The output JSON captures:

  • OCI artifact descriptor including size, digest, and annotations (org.stellaops.*).
  • Provenance placeholder (expectedDsseSha256, nonce, attestorUri when provided). nonce is derived deterministically from the image + SBOM metadata so repeated runs produce identical placeholders for identical inputs.
  • Generator metadata and deterministic timestamps.

4.1 Persist Surface manifests & payloads (optional)

Pass the new --surface-* switches to the descriptor command whenever you have Surface artefacts (layer fragments, EntryTrace graph/NDJSON) that should be cached during build-time scans.
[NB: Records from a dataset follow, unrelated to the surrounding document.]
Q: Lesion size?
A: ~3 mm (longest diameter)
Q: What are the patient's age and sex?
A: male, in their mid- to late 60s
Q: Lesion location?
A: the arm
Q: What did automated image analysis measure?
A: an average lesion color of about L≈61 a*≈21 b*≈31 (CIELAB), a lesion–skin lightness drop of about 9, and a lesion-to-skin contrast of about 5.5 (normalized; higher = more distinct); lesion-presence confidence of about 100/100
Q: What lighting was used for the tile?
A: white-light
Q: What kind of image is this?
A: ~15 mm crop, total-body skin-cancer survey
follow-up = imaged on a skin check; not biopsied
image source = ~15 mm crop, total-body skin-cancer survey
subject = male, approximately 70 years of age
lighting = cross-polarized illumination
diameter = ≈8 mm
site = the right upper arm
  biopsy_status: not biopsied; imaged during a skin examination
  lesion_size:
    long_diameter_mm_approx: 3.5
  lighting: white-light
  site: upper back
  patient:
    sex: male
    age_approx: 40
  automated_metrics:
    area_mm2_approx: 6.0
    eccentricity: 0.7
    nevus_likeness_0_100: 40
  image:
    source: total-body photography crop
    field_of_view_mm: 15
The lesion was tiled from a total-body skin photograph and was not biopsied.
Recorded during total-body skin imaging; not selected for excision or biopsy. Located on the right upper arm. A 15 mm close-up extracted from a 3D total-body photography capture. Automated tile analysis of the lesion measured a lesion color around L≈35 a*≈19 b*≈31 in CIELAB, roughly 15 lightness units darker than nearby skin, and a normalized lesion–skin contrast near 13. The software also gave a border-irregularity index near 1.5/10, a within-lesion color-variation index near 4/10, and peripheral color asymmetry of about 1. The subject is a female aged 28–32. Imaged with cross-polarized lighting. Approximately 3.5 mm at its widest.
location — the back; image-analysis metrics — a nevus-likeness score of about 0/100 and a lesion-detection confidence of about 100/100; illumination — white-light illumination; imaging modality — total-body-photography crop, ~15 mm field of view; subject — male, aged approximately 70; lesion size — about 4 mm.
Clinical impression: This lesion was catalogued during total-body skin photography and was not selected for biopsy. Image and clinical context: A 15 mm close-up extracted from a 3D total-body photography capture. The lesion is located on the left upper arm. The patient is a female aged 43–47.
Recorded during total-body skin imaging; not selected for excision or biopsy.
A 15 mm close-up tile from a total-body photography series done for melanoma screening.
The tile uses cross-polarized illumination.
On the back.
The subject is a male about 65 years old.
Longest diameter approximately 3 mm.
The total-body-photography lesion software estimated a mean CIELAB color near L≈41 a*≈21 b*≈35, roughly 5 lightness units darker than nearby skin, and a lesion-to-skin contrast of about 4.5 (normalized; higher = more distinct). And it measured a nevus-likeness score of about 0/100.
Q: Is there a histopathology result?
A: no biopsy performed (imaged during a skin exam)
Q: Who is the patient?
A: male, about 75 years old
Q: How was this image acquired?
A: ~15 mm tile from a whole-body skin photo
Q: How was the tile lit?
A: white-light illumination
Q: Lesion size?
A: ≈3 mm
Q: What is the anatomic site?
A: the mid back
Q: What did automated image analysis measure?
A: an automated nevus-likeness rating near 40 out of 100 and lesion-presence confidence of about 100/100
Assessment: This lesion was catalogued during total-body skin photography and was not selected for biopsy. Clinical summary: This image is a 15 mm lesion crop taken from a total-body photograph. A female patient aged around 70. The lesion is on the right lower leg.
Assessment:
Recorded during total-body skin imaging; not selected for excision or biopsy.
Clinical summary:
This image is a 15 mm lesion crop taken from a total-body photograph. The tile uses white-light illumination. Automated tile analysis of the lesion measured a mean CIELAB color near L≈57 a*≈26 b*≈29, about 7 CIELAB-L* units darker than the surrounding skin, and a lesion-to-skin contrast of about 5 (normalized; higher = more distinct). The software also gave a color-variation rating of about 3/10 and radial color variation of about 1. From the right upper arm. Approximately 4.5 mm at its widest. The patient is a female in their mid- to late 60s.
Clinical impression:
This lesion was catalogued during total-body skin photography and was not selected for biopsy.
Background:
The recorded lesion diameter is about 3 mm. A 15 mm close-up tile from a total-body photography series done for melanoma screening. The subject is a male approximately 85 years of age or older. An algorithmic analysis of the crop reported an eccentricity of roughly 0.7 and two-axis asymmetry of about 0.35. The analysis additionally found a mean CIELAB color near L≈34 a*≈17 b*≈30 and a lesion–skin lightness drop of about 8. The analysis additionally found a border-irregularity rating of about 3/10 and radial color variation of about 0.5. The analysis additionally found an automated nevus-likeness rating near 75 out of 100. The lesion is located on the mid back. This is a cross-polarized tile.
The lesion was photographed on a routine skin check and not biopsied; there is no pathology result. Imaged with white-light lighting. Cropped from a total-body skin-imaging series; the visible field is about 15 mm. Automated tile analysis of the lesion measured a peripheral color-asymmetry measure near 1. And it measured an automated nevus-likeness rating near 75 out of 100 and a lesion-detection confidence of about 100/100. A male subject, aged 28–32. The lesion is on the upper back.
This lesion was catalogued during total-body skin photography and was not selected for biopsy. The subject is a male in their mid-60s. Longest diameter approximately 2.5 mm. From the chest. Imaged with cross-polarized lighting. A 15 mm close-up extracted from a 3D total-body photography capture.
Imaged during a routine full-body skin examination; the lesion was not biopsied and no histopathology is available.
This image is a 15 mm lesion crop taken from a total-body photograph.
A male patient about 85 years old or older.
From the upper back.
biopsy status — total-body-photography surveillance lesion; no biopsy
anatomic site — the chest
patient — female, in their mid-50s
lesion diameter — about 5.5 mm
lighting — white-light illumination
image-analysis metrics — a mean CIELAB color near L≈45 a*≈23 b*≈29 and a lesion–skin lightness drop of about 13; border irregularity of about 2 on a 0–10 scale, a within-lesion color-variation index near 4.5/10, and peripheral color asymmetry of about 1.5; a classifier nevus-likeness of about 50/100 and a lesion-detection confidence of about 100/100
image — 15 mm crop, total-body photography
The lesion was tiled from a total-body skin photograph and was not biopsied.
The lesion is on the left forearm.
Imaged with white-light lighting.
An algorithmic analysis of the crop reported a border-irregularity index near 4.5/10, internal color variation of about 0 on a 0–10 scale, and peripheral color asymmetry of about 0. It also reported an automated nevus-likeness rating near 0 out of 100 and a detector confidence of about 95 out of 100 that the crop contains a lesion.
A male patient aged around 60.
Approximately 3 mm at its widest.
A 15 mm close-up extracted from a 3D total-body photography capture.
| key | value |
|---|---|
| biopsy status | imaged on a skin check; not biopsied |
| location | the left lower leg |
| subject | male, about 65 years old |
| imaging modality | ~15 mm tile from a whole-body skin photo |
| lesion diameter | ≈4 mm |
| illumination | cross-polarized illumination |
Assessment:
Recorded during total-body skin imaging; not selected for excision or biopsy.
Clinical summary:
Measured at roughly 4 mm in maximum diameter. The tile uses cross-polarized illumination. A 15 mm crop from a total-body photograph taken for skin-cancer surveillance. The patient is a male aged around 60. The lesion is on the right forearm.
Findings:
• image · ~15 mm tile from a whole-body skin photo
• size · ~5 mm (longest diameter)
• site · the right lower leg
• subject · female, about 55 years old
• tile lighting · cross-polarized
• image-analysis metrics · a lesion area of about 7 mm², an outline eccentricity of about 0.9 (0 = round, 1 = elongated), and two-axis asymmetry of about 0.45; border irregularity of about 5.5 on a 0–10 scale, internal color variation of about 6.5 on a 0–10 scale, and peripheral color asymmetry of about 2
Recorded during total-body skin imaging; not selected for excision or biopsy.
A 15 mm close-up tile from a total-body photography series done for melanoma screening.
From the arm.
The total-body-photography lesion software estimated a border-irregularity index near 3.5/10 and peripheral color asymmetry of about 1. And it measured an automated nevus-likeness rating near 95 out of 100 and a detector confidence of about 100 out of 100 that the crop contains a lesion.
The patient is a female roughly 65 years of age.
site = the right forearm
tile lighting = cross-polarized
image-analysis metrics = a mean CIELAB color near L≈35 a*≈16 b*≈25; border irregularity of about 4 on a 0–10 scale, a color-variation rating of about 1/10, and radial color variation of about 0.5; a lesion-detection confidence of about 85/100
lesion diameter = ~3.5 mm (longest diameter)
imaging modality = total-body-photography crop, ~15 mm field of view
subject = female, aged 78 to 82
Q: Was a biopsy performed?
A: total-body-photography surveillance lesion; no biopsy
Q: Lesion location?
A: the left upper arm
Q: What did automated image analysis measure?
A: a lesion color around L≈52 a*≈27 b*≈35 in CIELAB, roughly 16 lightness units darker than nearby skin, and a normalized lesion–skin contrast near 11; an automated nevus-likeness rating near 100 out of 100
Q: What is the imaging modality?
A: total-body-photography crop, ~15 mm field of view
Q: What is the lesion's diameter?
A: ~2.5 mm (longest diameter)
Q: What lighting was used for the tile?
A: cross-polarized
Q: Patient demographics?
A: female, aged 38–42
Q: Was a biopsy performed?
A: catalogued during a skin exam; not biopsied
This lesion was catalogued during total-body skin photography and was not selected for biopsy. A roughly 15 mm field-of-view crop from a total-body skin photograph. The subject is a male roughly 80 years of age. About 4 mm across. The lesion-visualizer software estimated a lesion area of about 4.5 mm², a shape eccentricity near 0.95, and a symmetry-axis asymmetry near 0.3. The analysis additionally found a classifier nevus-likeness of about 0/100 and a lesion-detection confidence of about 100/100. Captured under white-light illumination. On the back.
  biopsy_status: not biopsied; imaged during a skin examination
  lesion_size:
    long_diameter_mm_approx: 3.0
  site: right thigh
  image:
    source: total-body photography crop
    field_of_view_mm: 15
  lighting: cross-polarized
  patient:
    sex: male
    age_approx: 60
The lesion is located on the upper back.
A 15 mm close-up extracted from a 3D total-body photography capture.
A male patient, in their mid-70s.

The plug-in stores the payloads under the configured CAS root (defaults to --cas) and emits a manifest pointer that Scanner/WebService can consume later.
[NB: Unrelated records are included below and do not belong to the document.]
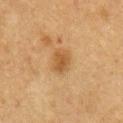lesion size = about 3 mm; imaging modality = total-body-photography crop, ~15 mm field of view; patient = male, aged around 75; site = the chest.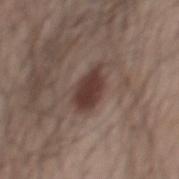- size — ~4.5 mm (longest diameter)
- image source — ~15 mm crop, total-body skin-cancer survey
- subject — male, aged 58–62
- site — the back
- illumination — white-light illumination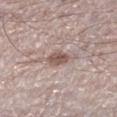Part of a total-body skin-imaging series; this lesion was reviewed on a skin check and was not flagged for biopsy.
This is a white-light tile.
The lesion's longest dimension is about 3 mm.
A 15 mm crop from a total-body photograph taken for skin-cancer surveillance.
A male patient aged around 50.
From the leg.
The total-body-photography lesion software estimated a border-irregularity index near 2/10, a color-variation rating of about 3.5/10, and a peripheral color-asymmetry measure near 1.5. And it measured a detector confidence of about 95 out of 100 that the crop contains a lesion.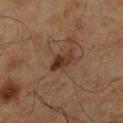Impression:
No biopsy was performed on this lesion — it was imaged during a full skin examination and was not determined to be concerning.
Clinical summary:
A region of skin cropped from a whole-body photographic capture, roughly 15 mm wide. The tile uses cross-polarized illumination. The lesion-visualizer software estimated a lesion color around L≈26 a*≈16 b*≈23 in CIELAB and roughly 8 lightness units darker than nearby skin. The analysis additionally found border irregularity of about 3.5 on a 0–10 scale and a color-variation rating of about 4.5/10. And it measured an automated nevus-likeness rating near 85 out of 100 and lesion-presence confidence of about 100/100. Located on the right lower leg. The lesion's longest dimension is about 2.5 mm. The subject is a male roughly 65 years of age.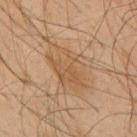Captured during whole-body skin photography for melanoma surveillance; the lesion was not biopsied. A 15 mm close-up extracted from a 3D total-body photography capture. The lesion's longest dimension is about 6.5 mm. A male patient, roughly 65 years of age. The lesion is on the upper back. Imaged with cross-polarized lighting.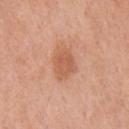follow-up — total-body-photography surveillance lesion; no biopsy
diameter — ~3.5 mm (longest diameter)
subject — male, aged approximately 70
location — the chest
imaging modality — 15 mm crop, total-body photography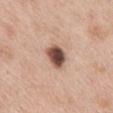Recorded during total-body skin imaging; not selected for excision or biopsy. About 3 mm across. Cropped from a whole-body photographic skin survey; the tile spans about 15 mm. An algorithmic analysis of the crop reported an eccentricity of roughly 0.6. It also reported a lesion color around L≈50 a*≈20 b*≈26 in CIELAB and about 20 CIELAB-L* units darker than the surrounding skin. The analysis additionally found a classifier nevus-likeness of about 95/100 and a detector confidence of about 100 out of 100 that the crop contains a lesion. On the mid back. A female subject, roughly 40 years of age.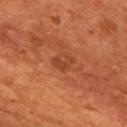Clinical impression:
The lesion was tiled from a total-body skin photograph and was not biopsied.
Acquisition and patient details:
Measured at roughly 2.5 mm in maximum diameter. This image is a 15 mm lesion crop taken from a total-body photograph. The lesion is located on the chest. The total-body-photography lesion software estimated a mean CIELAB color near L≈40 a*≈27 b*≈34 and a normalized lesion–skin contrast near 5.5. The analysis additionally found a lesion-detection confidence of about 100/100. The subject is a male aged 53–57.

dotnet out/buildx/StellaOps.Scanner.Sbomer.BuildXPlugin.dll descriptor \
  --manifest out/buildx \
  --image "$DIGEST" \
  --sbom out/buildx-sbom.cdx.json \
  --surface-layer-fragments out/layer-fragments.json \
  --surface-entrytrace-graph out/entrytrace-graph.json \
  --surface-entrytrace-ndjson out/entrytrace.ndjson \
  --surface-cache-root out/cas \
  --surface-tenant demo-tenant \
  --surface-manifest-output out/surface-manifest.json \
  > out/buildx-descriptor.json

Environment variables mirror the CLI flags when you need deterministic defaults:

Variable Purpose
STELLAOPS_SURFACE_CACHE_ROOT CAS/cache directory used for Surface artefacts (defaults to --cas).
STELLAOPS_SURFACE_BUCKET Bucket name embedded in cas:// URIs (default scanner-artifacts).
STELLAOPS_SURFACE_TENANT Tenant recorded in the manifest (default if omitted).
STELLAOPS_SURFACE_LAYER_FRAGMENTS / ...ENTRYTRACE_GRAPH / ...ENTRYTRACE_NDJSON File paths for the respective artefacts.
STELLAOPS_SURFACE_MANIFEST_OUTPUT Optional path where the manifest JSON should be duplicated for CI artefacts.
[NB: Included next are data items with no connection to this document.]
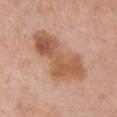Clinical impression:
The lesion was tiled from a total-body skin photograph and was not biopsied.
Clinical summary:
A female subject roughly 65 years of age. The lesion is located on the chest. A 15 mm crop from a total-body photograph taken for skin-cancer surveillance. An algorithmic analysis of the crop reported a footprint of about 25 mm² and an eccentricity of roughly 0.9. And it measured roughly 11 lightness units darker than nearby skin and a lesion-to-skin contrast of about 8 (normalized; higher = more distinct). And it measured a border-irregularity index near 4.5/10, a within-lesion color-variation index near 5.5/10, and radial color variation of about 2. The analysis additionally found a nevus-likeness score of about 0/100. Measured at roughly 8 mm in maximum diameter. The tile uses white-light illumination.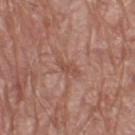Assessment:
The lesion was photographed on a routine skin check and not biopsied; there is no pathology result.
Image and clinical context:
From the left thigh. A male subject, roughly 70 years of age. Cropped from a whole-body photographic skin survey; the tile spans about 15 mm.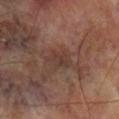Clinical impression: Captured during whole-body skin photography for melanoma surveillance; the lesion was not biopsied. Context: The lesion's longest dimension is about 3.5 mm. This image is a 15 mm lesion crop taken from a total-body photograph. A male subject, about 70 years old. Automated tile analysis of the lesion measured a lesion area of about 5.5 mm², an eccentricity of roughly 0.75, and a symmetry-axis asymmetry near 0.3. The lesion is located on the right lower leg. Imaged with cross-polarized lighting.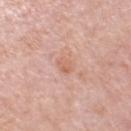Q: Was a biopsy performed?
A: total-body-photography surveillance lesion; no biopsy
Q: How was the tile lit?
A: white-light illumination
Q: Where on the body is the lesion?
A: the right upper arm
Q: Automated lesion metrics?
A: an automated nevus-likeness rating near 0 out of 100 and a lesion-detection confidence of about 100/100
Q: How was this image acquired?
A: total-body-photography crop, ~15 mm field of view
Q: What are the patient's age and sex?
A: female, about 50 years old
Q: How large is the lesion?
A: ≈2.5 mm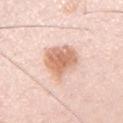Recorded during total-body skin imaging; not selected for excision or biopsy.
Approximately 5 mm at its widest.
The lesion is located on the right upper arm.
Automated tile analysis of the lesion measured a lesion color around L≈70 a*≈22 b*≈31 in CIELAB, roughly 13 lightness units darker than nearby skin, and a normalized lesion–skin contrast near 8.5. And it measured a detector confidence of about 100 out of 100 that the crop contains a lesion.
A male subject, in their mid-30s.
The tile uses white-light illumination.
A 15 mm close-up tile from a total-body photography series done for melanoma screening.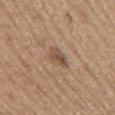The lesion was photographed on a routine skin check and not biopsied; there is no pathology result. The tile uses white-light illumination. This image is a 15 mm lesion crop taken from a total-body photograph. A male subject aged approximately 65. From the right upper arm.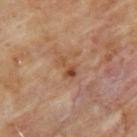Assessment: Recorded during total-body skin imaging; not selected for excision or biopsy. Context: The patient is a male aged around 65. Cropped from a whole-body photographic skin survey; the tile spans about 15 mm. This is a cross-polarized tile. The lesion is on the left upper arm. The lesion's longest dimension is about 3 mm.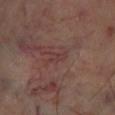biopsy_status: not biopsied; imaged during a skin examination
lesion_size:
  long_diameter_mm_approx: 2.5
image:
  source: total-body photography crop
  field_of_view_mm: 15
automated_metrics:
  area_mm2_approx: 3.0
  eccentricity: 0.85
  shape_asymmetry: 0.3
site: leg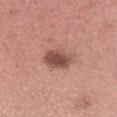A female subject, aged approximately 20. From the head or neck. The tile uses white-light illumination. The lesion-visualizer software estimated an automated nevus-likeness rating near 80 out of 100. Cropped from a whole-body photographic skin survey; the tile spans about 15 mm. Measured at roughly 3.5 mm in maximum diameter.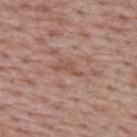Impression:
Recorded during total-body skin imaging; not selected for excision or biopsy.
Acquisition and patient details:
From the upper back. A 15 mm close-up extracted from a 3D total-body photography capture. A male patient, in their mid-60s. An algorithmic analysis of the crop reported an average lesion color of about L≈52 a*≈21 b*≈27 (CIELAB). The software also gave border irregularity of about 8 on a 0–10 scale, a color-variation rating of about 0/10, and a peripheral color-asymmetry measure near 0.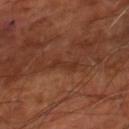follow-up: total-body-photography surveillance lesion; no biopsy | acquisition: ~15 mm tile from a whole-body skin photo | size: ≈3.5 mm | illumination: cross-polarized | subject: aged 63 to 67 | location: the right lower leg.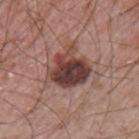Captured during whole-body skin photography for melanoma surveillance; the lesion was not biopsied. Located on the left upper arm. A 15 mm close-up tile from a total-body photography series done for melanoma screening. An algorithmic analysis of the crop reported a shape eccentricity near 0.3 and a shape-asymmetry score of about 0.35 (0 = symmetric). It also reported an average lesion color of about L≈41 a*≈21 b*≈21 (CIELAB) and a lesion-to-skin contrast of about 11.5 (normalized; higher = more distinct). The software also gave border irregularity of about 4 on a 0–10 scale, a within-lesion color-variation index near 8.5/10, and peripheral color asymmetry of about 2.5. Approximately 5 mm at its widest. The subject is a male about 65 years old. Captured under white-light illumination.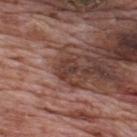Assessment: The lesion was tiled from a total-body skin photograph and was not biopsied. Context: The subject is a male aged around 70. The tile uses white-light illumination. From the upper back. Cropped from a total-body skin-imaging series; the visible field is about 15 mm.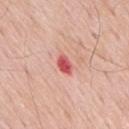Recorded during total-body skin imaging; not selected for excision or biopsy. The patient is a male aged around 65. This image is a 15 mm lesion crop taken from a total-body photograph. Located on the mid back.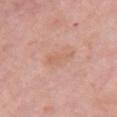Recorded during total-body skin imaging; not selected for excision or biopsy. From the chest. The tile uses white-light illumination. A lesion tile, about 15 mm wide, cut from a 3D total-body photograph. A female subject, in their mid-60s.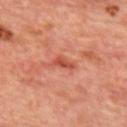- notes — total-body-photography surveillance lesion; no biopsy
- lesion size — ~2.5 mm (longest diameter)
- lighting — cross-polarized illumination
- TBP lesion metrics — an area of roughly 2.5 mm², an outline eccentricity of about 0.9 (0 = round, 1 = elongated), and two-axis asymmetry of about 0.3; an average lesion color of about L≈50 a*≈33 b*≈34 (CIELAB), about 10 CIELAB-L* units darker than the surrounding skin, and a lesion-to-skin contrast of about 7.5 (normalized; higher = more distinct)
- body site — the upper back
- patient — female, in their mid- to late 40s
- acquisition — ~15 mm tile from a whole-body skin photo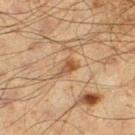The lesion was photographed on a routine skin check and not biopsied; there is no pathology result.
Approximately 3 mm at its widest.
From the left thigh.
The subject is a male aged 58–62.
A close-up tile cropped from a whole-body skin photograph, about 15 mm across.
The lesion-visualizer software estimated an average lesion color of about L≈44 a*≈17 b*≈31 (CIELAB), a lesion–skin lightness drop of about 9, and a normalized lesion–skin contrast near 7. The analysis additionally found peripheral color asymmetry of about 0.5. It also reported a classifier nevus-likeness of about 35/100.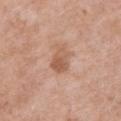Imaged during a routine full-body skin examination; the lesion was not biopsied and no histopathology is available. On the chest. A female patient, aged approximately 40. The recorded lesion diameter is about 4 mm. A close-up tile cropped from a whole-body skin photograph, about 15 mm across. This is a white-light tile.

Manifests and payloads use the same deterministic layout as Scanner.Worker (scanner/surface/...) so WebService and Offline Kit tooling can consume them without rescanning the image.

5. (Optional) Send the placeholder to an Attestor

The plug-in can POST the descriptor metadata to an Attestor endpoint, returning once it receives an HTTP 202.

python3 - <<'PY' &
from http.server import BaseHTTPRequestHandler, HTTPServer
class Handler(BaseHTTPRequestHandler):
    def do_POST(self):
        _ = self.rfile.read(int(self.headers.get('Content-Length', 0)))
        self.send_response(202); self.end_headers(); self.wfile.write(b'accepted')
    def log_message(self, fmt, *args):
        return
server = HTTPServer(('127.0.0.1', 8085), Handler)
try:
    server.serve_forever()
except KeyboardInterrupt:
    pass
finally:
    server.server_close()
PY
MOCK_PID=$!

dotnet out/buildx/StellaOps.Scanner.Sbomer.BuildXPlugin.dll descriptor \
  --manifest out/buildx \
  --image "$DIGEST" \
  --sbom out/buildx-sbom.cdx.json \
  --attestor http://127.0.0.1:8085/provenance \
  --attestor-token "$STELLAOPS_ATTESTOR_TOKEN" \
  > out/buildx-descriptor.json

kill $MOCK_PID

Set STELLAOPS_ATTESTOR_TOKEN (or pass --attestor-token) when the Attestor requires bearer authentication. Use --attestor-insecure for lab environments with self-signed certificates.

6. CI workflow example

A reusable GitHub Actions workflow is provided under samples/ci/buildx-demo/github-actions-buildx-demo.yml. It publishes the plug-in, runs the handshake, builds the demo image, emits a descriptor, and uploads both the descriptor and the mock-Attestor request as artefacts.

Add the workflow to your repository (or call it via workflow_call) and adjust the SBOM path + Attestor URL as needed. The workflow also re-runs the descriptor command and diffs the results (ignoring the generatedAt timestamp) so you catch regressions that would break deterministic CI use.

For deeper integration guidance (custom SBOM builders, exporting DSSE bundles), track ADRs in docs/modules/scanner/architecture.md §7 and follow upcoming Attestor API releases.